● **What you should do**
Filter these entries so that only lines with the word "text" remain.

● **Exercise data**
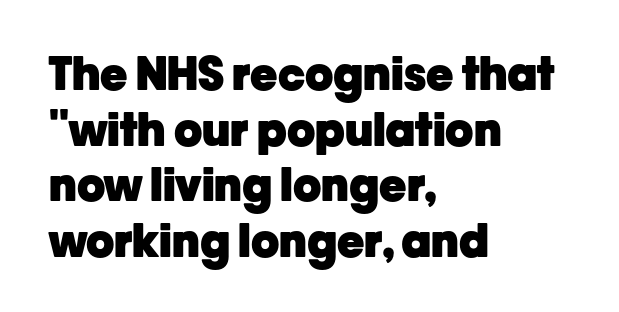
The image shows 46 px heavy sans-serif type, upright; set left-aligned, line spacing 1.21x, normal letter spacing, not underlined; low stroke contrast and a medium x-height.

==

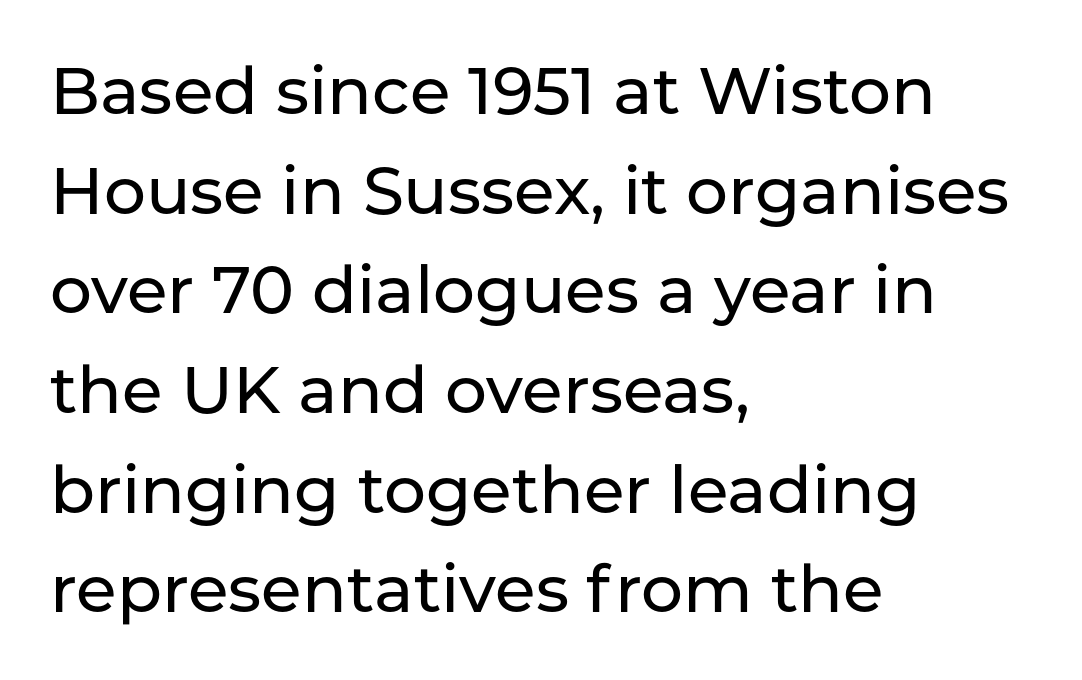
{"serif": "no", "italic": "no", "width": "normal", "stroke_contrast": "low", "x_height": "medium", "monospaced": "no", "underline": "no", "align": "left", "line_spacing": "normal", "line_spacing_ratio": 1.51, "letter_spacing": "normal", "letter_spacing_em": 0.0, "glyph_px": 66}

* * *

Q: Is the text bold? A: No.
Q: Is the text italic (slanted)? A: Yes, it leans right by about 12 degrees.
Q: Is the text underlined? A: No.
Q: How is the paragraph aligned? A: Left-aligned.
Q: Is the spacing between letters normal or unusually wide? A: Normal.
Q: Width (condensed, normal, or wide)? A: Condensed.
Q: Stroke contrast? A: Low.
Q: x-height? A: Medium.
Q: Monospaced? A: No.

● **Answer box**
Q: Is the text bold? A: No.
Q: Is the text italic (slanted)? A: Yes, it leans right by about 12 degrees.
Q: Is the text underlined? A: No.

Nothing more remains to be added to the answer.